前々回のブログ#35「跳べ、暁!」で、部活動での体罰について少し触れました。
最近、熊本県の私立高校サッカー部のコーチが、部員に殴ったり蹴ったりする暴行をしていたことが発覚し、問題となっています。

体罰は、いかなる理由があろうと許されることではありません。
しかし、家庭や学校、職場などで、体罰がなくなることはありません。

それは、教育やしつけ、指導などに名を借りた「暴力」が、いまだに「愛のむち」として容認される空気があるからではないでしょうか。

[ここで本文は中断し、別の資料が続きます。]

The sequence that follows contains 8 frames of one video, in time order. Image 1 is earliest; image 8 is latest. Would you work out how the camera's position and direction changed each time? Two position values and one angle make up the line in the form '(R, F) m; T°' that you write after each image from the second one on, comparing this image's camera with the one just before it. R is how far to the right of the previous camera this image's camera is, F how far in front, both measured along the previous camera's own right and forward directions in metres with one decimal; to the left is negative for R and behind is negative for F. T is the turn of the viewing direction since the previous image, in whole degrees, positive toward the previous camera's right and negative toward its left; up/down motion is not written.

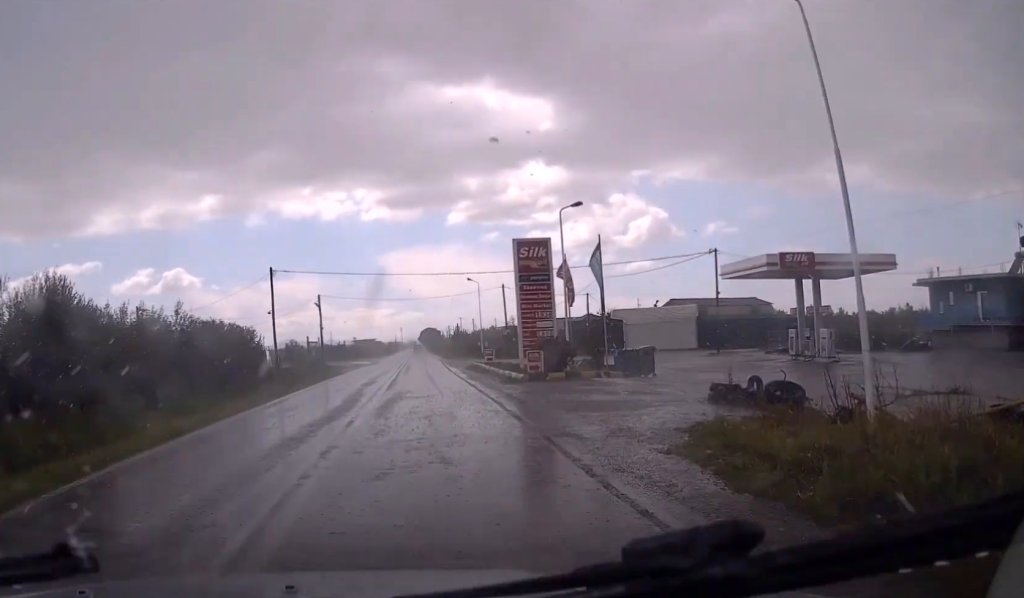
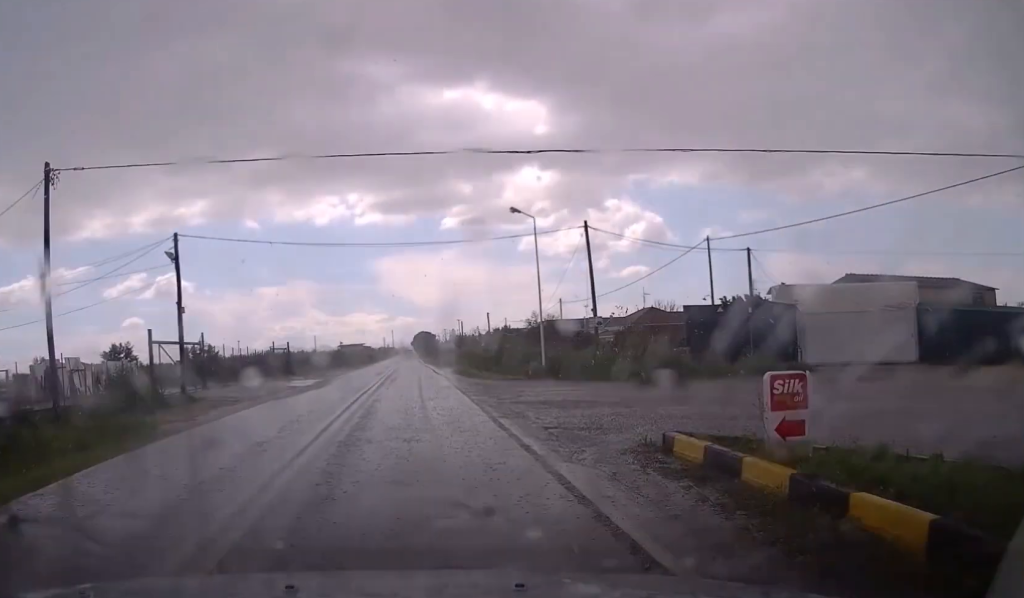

今回は、「体罰」を考えるための一冊として、2012年12月23日に、大阪市立高校の男子バスケットボール部キャプテンが自らの命を絶った事件のノンフィクション「桜宮高校バスケット部体罰事件の真実」(島沢優子、朝日新聞出版)を紹介します。

「私の脛は、左右で形が違う。今はもうあまり目立たなくなったが、左足の前面がひどく平らだった。/なぜなら、バスケットをしていた高校の顧問の『利き脚』が右だったから。そう、3年間、蹴られ続けたからだ」

本書は、全日本大学選手権で優勝経験もある島沢さんの、自らの「体罰」経験の告白から始まります。

少年はなぜ自殺に追い込まれたのか。島沢さんは、家族や学校関係者などを丁寧に取材し「真実」に迫っています。

桜宮高校はインターハイに何度も出ている強豪で、顧問の男性教諭は事件のあった18年前から勤務していました。このため学校も異動させられず、他の人が口をはさめる雰囲気ではなかったといいます。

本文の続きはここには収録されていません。